Material shown:

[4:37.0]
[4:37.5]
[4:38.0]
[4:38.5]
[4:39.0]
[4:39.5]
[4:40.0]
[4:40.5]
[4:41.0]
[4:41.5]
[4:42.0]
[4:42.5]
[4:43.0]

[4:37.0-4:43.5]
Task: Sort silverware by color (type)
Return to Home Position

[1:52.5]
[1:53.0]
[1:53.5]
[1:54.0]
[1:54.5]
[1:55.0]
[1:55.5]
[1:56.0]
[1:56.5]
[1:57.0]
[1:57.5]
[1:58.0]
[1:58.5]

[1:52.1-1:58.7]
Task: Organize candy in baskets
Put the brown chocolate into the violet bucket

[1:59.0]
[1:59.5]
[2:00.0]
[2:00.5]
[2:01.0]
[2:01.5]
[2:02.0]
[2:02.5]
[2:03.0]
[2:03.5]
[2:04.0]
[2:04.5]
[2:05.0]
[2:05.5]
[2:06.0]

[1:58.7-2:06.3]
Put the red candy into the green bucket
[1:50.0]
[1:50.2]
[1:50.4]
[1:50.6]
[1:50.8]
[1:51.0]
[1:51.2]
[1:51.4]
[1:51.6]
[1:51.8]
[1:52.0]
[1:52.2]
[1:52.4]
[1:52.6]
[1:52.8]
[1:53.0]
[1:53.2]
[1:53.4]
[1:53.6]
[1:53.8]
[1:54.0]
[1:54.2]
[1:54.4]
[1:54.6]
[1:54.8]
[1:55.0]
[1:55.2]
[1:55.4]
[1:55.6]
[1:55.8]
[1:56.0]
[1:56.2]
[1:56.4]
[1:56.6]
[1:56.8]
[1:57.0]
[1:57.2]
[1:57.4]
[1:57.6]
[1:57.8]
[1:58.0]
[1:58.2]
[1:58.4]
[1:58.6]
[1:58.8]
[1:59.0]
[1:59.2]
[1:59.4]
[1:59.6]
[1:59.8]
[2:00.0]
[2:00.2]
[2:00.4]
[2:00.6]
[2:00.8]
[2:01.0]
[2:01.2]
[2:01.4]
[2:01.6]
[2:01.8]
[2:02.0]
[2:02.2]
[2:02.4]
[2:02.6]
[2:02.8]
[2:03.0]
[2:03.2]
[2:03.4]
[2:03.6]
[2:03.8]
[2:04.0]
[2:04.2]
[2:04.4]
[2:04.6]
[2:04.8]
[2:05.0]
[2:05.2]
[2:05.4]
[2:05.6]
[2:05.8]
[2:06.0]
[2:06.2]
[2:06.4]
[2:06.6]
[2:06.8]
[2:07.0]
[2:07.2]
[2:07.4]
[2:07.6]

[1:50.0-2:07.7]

Directions: Output the listing above exactly, keeping each line as it was.

Exercise result:
[4:37.0]
[4:37.5]
[4:38.0]
[4:38.5]
[4:39.0]
[4:39.5]
[4:40.0]
[4:40.5]
[4:41.0]
[4:41.5]
[4:42.0]
[4:42.5]
[4:43.0]

[4:37.0-4:43.5]
Task: Sort silverware by color (type)
Return to Home Position

[1:52.5]
[1:53.0]
[1:53.5]
[1:54.0]
[1:54.5]
[1:55.0]
[1:55.5]
[1:56.0]
[1:56.5]
[1:57.0]
[1:57.5]
[1:58.0]
[1:58.5]

[1:52.1-1:58.7]
Task: Organize candy in baskets
Put the brown chocolate into the violet bucket

[1:59.0]
[1:59.5]
[2:00.0]
[2:00.5]
[2:01.0]
[2:01.5]
[2:02.0]
[2:02.5]
[2:03.0]
[2:03.5]
[2:04.0]
[2:04.5]
[2:05.0]
[2:05.5]
[2:06.0]

[1:58.7-2:06.3]
Put the red candy into the green bucket
[1:50.0]
[1:50.2]
[1:50.4]
[1:50.6]
[1:50.8]
[1:51.0]
[1:51.2]
[1:51.4]
[1:51.6]
[1:51.8]
[1:52.0]
[1:52.2]
[1:52.4]
[1:52.6]
[1:52.8]
[1:53.0]
[1:53.2]
[1:53.4]
[1:53.6]
[1:53.8]
[1:54.0]
[1:54.2]
[1:54.4]
[1:54.6]
[1:54.8]
[1:55.0]
[1:55.2]
[1:55.4]
[1:55.6]
[1:55.8]
[1:56.0]
[1:56.2]
[1:56.4]
[1:56.6]
[1:56.8]
[1:57.0]
[1:57.2]
[1:57.4]
[1:57.6]
[1:57.8]
[1:58.0]
[1:58.2]
[1:58.4]
[1:58.6]
[1:58.8]
[1:59.0]
[1:59.2]
[1:59.4]
[1:59.6]
[1:59.8]
[2:00.0]
[2:00.2]
[2:00.4]
[2:00.6]
[2:00.8]
[2:01.0]
[2:01.2]
[2:01.4]
[2:01.6]
[2:01.8]
[2:02.0]
[2:02.2]
[2:02.4]
[2:02.6]
[2:02.8]
[2:03.0]
[2:03.2]
[2:03.4]
[2:03.6]
[2:03.8]
[2:04.0]
[2:04.2]
[2:04.4]
[2:04.6]
[2:04.8]
[2:05.0]
[2:05.2]
[2:05.4]
[2:05.6]
[2:05.8]
[2:06.0]
[2:06.2]
[2:06.4]
[2:06.6]
[2:06.8]
[2:07.0]
[2:07.2]
[2:07.4]
[2:07.6]

[1:50.0-2:07.7]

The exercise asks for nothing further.